MUPPETS TV, de Disney (Dachau Disco) : Kermit est mort, il bouge encore.

Publié le par Le Marquis

[Photo : "Kermit Spleen : Une deuxième mort", par Le Marquis]

Sortons quelques instants du cadre défini de l’Abécédaire, c’est inhabituel, je sais, mais parfois, il faut juste que ça sorte.

Vous vous en doutez probablement, le grand retour des Muppets, qui colonise les couvertures de programmes TV et accessoirement le créneau horaire de Vidéo Gag le dimanche après-midi, n’est pas étranger à cette digression, mais il vous faudra attendre la dernière partie de cet article pour avoir mon sentiment sur cette résurrection - mais je sais : vous me voyez venir...

 

 

 

La création de Jim Henson fête grosso modo ses trente ans cette année. Le Muppet Show, qu’on ne présente plus, est apparu en 1976 puis a prématurément fermé ses portes en 1981 ; Jim Henson avait le sentiment d’avoir mené en cinq saisons le projet à son terme et craignait en prolongeant l’expérience de voir le spectacle décliner et se banaliser. Malgré le succès de l’émission anglaise, le concept est donc abandonné, d’autant plus que Henson souhaite se consacrer pleinement au cinéma, en l’occurrence avec le très beau DARK CRYSTAL – sa carrière de metteur en scène sera hélas contrariée par l’échec cuisant de LABYRINTH, un film énormément sous-estimé. Mais si le Muppet Show, brillant divertissement aux invités de marque, qui ménageait d’ailleurs régulièrement une place à la découverte de marionnettistes de talent, a disparu, Jim Henson n’abandonne pas pour autant ses personnages, qu’il a déjà conviés en salles en 1979 avec THE MUPPET MOVIE et qu’il retrouvera par la suite à l’occasion de deux autres longs-métrages (THE GREAT MUPPET CAPER et THE MUPPETS TAKE MANHATTAN), sans compter deux émissions spéciales, l’excellent A MUPPET FAMILY CHRISTMAS, et THE MUPPETS AT WALT DISNEY WORLD en 1990, dernier projet auquel il sera associé avant son décès. Comme le titre l’indique clairement, les droits de distribution des Muppets venaient alors d’être acquis par la firme de Mickey, qui en profitait grassement pour se faire de la pub, ce qui a fait grincer les dents des fans les plus puristes.

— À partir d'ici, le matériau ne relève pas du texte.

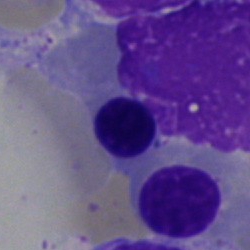
{"cell_type": "nucleated red cell", "lineage": "erythroid"}
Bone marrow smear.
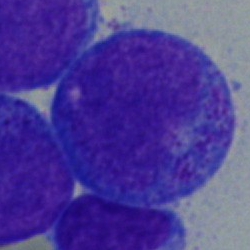
Specimen: bone marrow smear.
Cell: promyelocyte.
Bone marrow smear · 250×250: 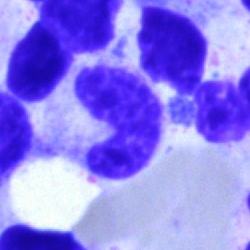 Q: Which cell type is shown here?
A: A band-form neutrophil.
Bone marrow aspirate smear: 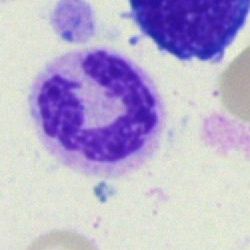
Q: What is shown here?
A: It is a neutrophil (segmented).
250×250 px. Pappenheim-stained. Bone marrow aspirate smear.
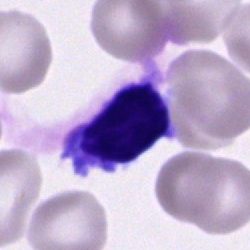
The cell type is typical lymphocyte.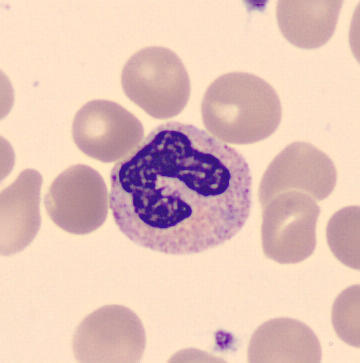
Image: Peripheral blood smear. Single-cell field.
Single cell identified as a band-form neutrophil.
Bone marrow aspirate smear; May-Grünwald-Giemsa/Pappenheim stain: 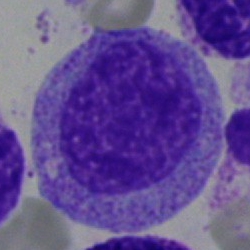
Morphological class = progranulocyte.
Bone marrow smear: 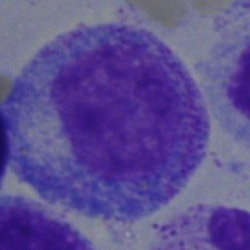

{"cell_type": "promyelocyte", "lineage": "myeloid"}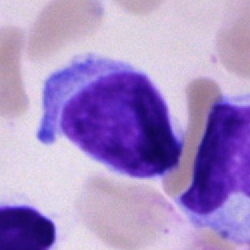
Q: What is shown here?
A: This is a typical lymphocyte.
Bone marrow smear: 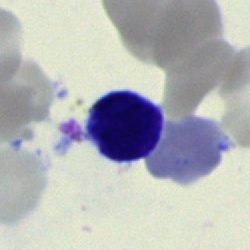

Morphological class: lymphocyte.
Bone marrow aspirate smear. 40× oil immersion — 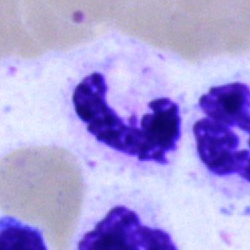 Q: What type of cell is this?
A: It is a polymorphonuclear neutrophil.
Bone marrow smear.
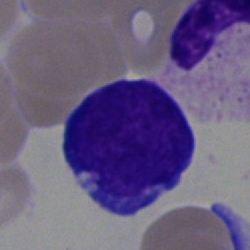 {"cell_type": "blast cell"}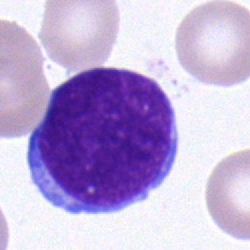
This is an undifferentiated blast.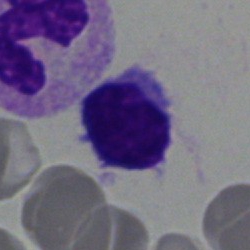
Q: What type of cell is this?
A: This is a lymphocyte.
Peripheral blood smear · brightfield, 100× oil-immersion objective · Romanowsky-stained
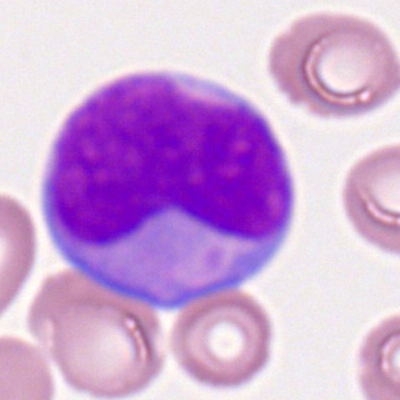

Morphology → myeloid blast.
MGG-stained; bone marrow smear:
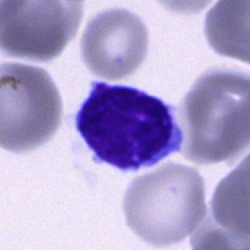 Morphological class — typical lymphocyte.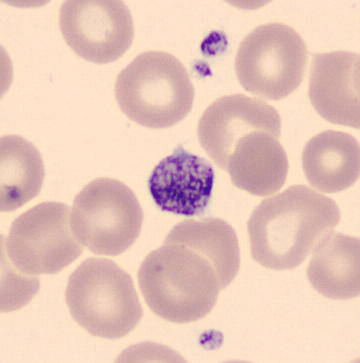Image: Peripheral blood smear.

Morphological class = thrombocyte.
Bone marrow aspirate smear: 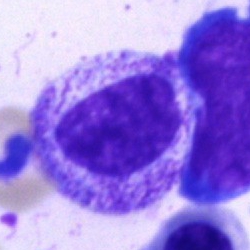 Specimen: bone marrow aspirate smear.
Morphological class: myelocyte.
Lineage: myeloid.
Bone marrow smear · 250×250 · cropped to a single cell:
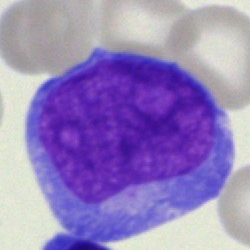

The cell shown is a lymphocyte (immature).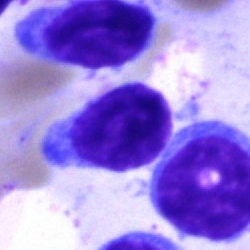 {"cell_type": "typical lymphocyte", "lineage": "lymphoid"}
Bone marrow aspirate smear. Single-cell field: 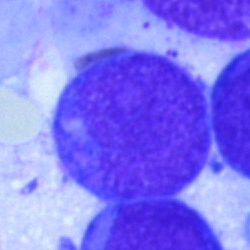
A blast cell.
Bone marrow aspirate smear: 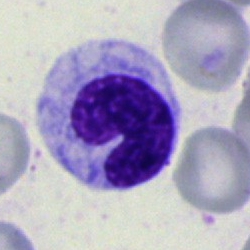

{"cell_type": "neutrophil (band)"}
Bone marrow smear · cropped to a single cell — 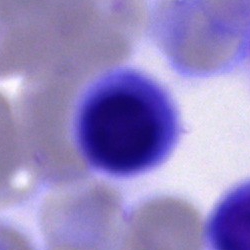

Morphology consistent with an artefact.
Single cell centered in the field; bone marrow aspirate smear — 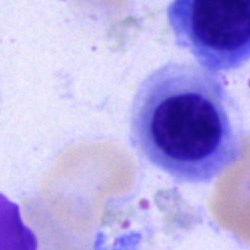

The cell type is normoblast.
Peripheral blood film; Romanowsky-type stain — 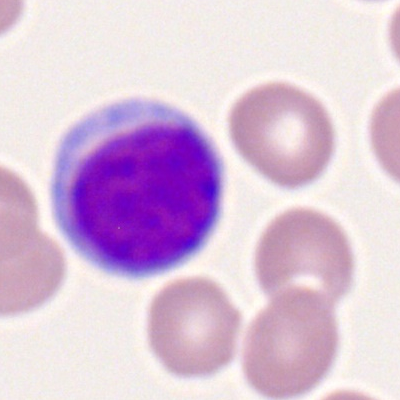Morphology consistent with a lymphocyte.
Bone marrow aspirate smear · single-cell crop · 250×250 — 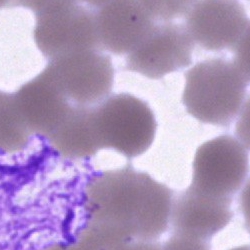
Single cell identified as an artifact.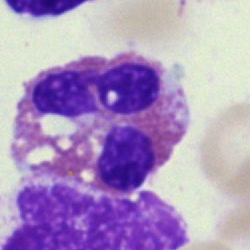Specimen: bone marrow aspirate smear.
Cell: eosinophilic granulocyte.
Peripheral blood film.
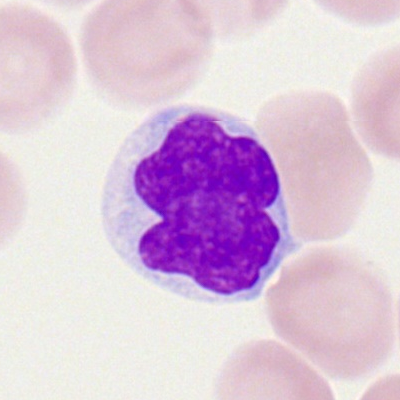

Impression → lymphocyte.
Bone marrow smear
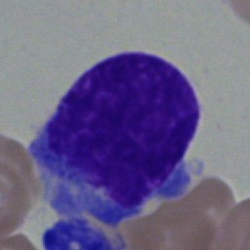Impression — blast cell.
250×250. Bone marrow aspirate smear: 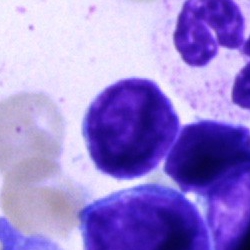

Single cell identified as a typical lymphocyte.
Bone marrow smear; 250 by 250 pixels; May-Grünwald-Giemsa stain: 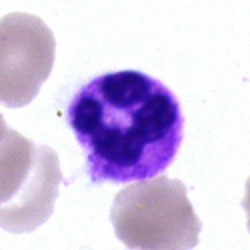 Showing a neutrophil (segmented).
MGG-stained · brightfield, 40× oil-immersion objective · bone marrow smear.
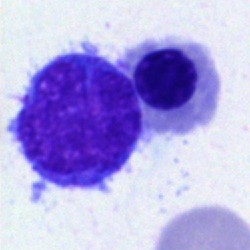A typical lymphocyte.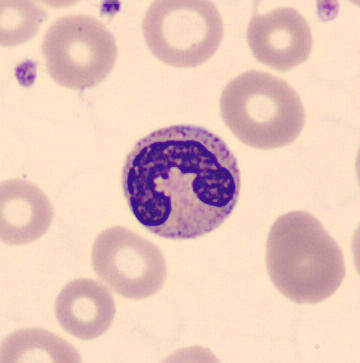
Showing a neutrophil (band). Acquisition: Peripheral blood film.
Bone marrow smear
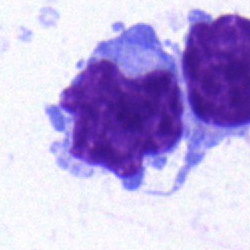A typical lymphocyte.
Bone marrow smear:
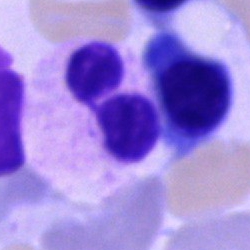

Impression — neutrophil (segmented).
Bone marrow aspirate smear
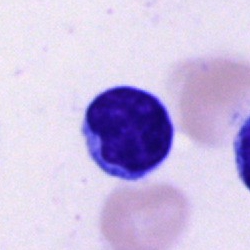

A typical lymphocyte.
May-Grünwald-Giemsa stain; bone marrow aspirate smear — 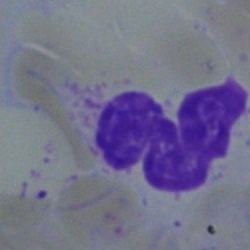A polymorphonuclear neutrophil.
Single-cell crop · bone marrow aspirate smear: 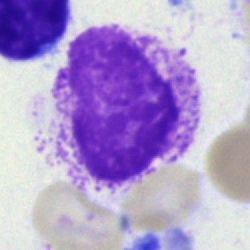

Classification — artifact.
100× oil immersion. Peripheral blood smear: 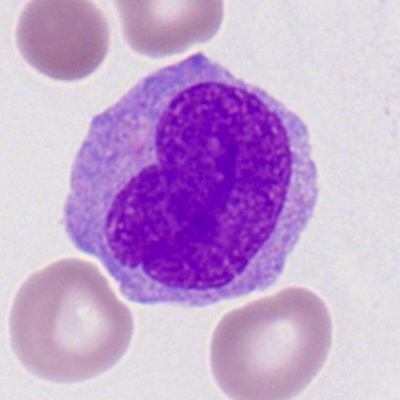
The classification is myeloid blast.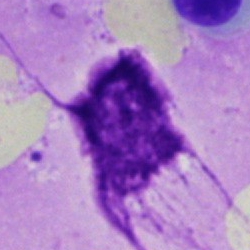Specimen: bone marrow smear.
Classification: artefact.
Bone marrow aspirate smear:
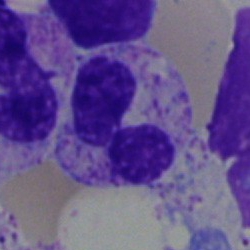
The cell shown is a segmented neutrophil.
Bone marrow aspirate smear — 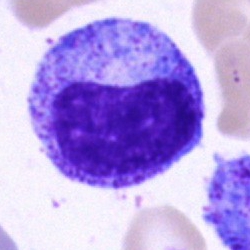
Morphology → promyelocyte.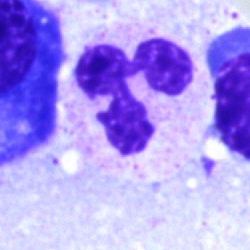

The cell is neutrophil (segmented).
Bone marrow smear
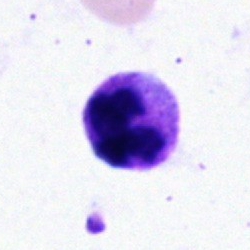A neutrophil (segmented).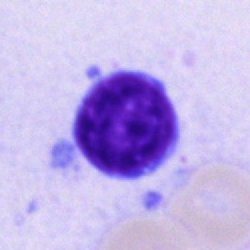Cell type — typical lymphocyte.
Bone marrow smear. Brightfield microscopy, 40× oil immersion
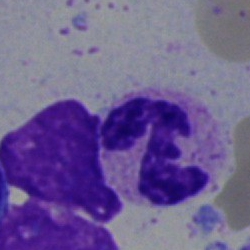
Cell type — segmented neutrophil.
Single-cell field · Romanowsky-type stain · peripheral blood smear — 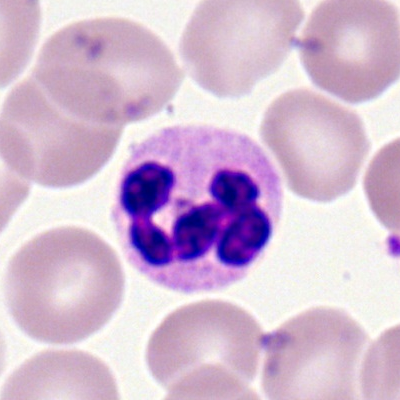Q: What type of cell is this?
A: This is a segmented neutrophil.
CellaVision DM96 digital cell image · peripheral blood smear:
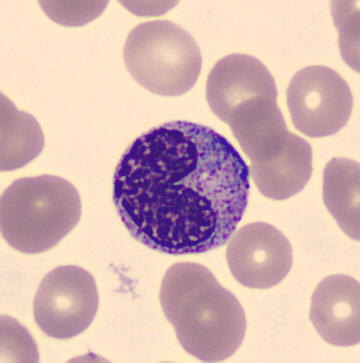
Cell type = metamyelocyte.
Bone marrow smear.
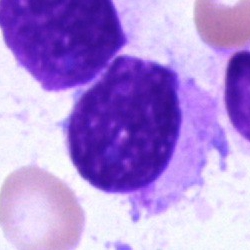 Morphological class: plasmacyte.
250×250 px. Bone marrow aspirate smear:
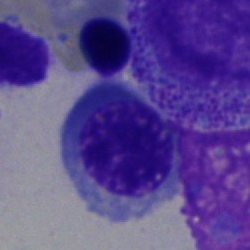Morphological class — nucleated red blood cell.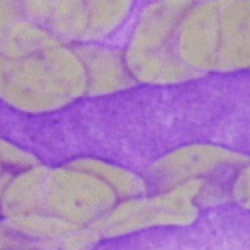
Q: What is shown here?
A: It is an artifact.
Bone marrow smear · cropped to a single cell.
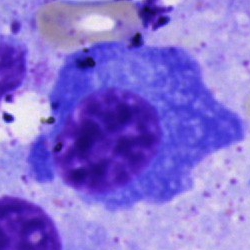

Q: Which cell type is shown here?
A: Plasma cell.
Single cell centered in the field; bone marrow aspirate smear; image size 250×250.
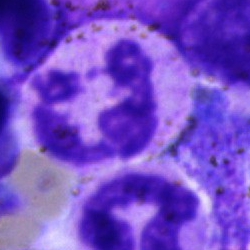
Single cell identified as a neutrophil (segmented).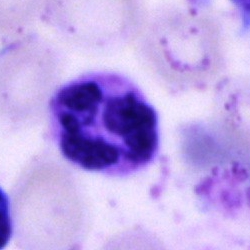
{"cell_type": "segmented neutrophil"}
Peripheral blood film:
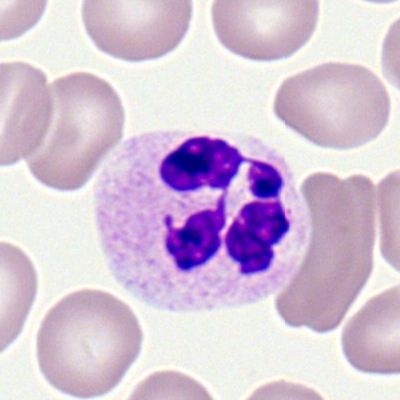 Q: What is the morphological classification of this cell?
A: A polymorphonuclear neutrophil.
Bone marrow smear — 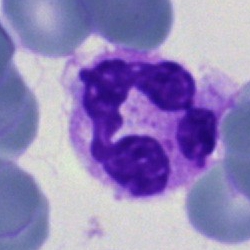
Neutrophil (segmented).
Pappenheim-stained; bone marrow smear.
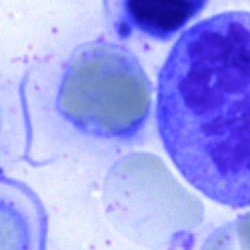
Morphological class — unidentifiable cell.
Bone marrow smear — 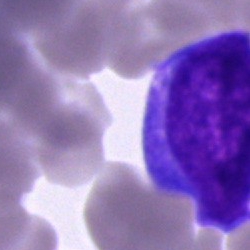Cell: blast.
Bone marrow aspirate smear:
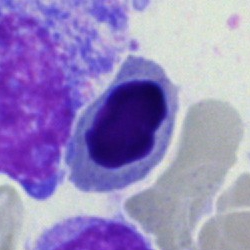
{"cell_type": "erythroblast", "lineage": "erythroid"}
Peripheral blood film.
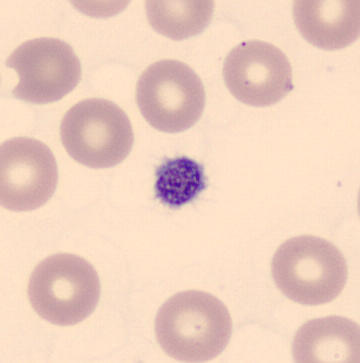 Specimen: peripheral blood film.
Morphological class: platelet.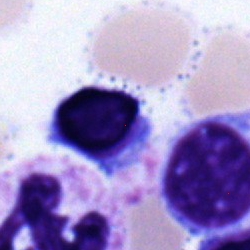
Lymphocyte.
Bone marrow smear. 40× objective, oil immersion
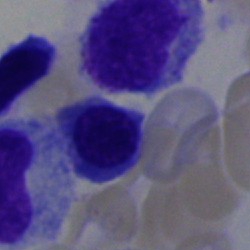
Specimen: bone marrow smear.
Cell: normoblast.
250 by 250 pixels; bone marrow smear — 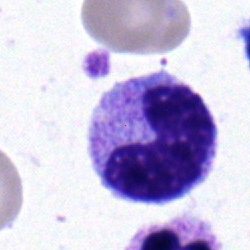

Q: Which cell type is shown here?
A: This is a stab cell.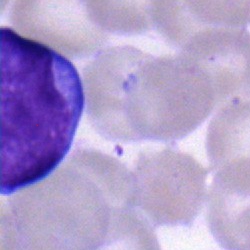 This is a typical lymphocyte.
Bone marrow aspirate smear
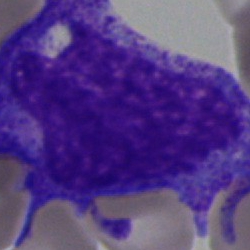Promyelocyte.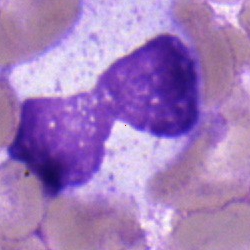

Pourtant, cette transaction aura eu des effets plutôt bénéfiques. Brian Henson reprend le concept de son père (et les personnages auxquels il avait donné la vie), qu’il va prolonger avec un certain talent dans trois nouveaux longs-métrages conçus pour le grand écran, des films visuellement assez ambitieux, produits et dirigés avec une indéniable originalité, et un téléfilm sympathique mais moins percutant, ainsi qu’une nouvelle série télévisée, Muppets Tonight (1996-1998) – le résultat, injustement décrié par les fans hardcore, est très réussi mais ne rencontre pas le succès escompté : deux saisons et 22 épisodes plus tard, l’émission est mise au rancard.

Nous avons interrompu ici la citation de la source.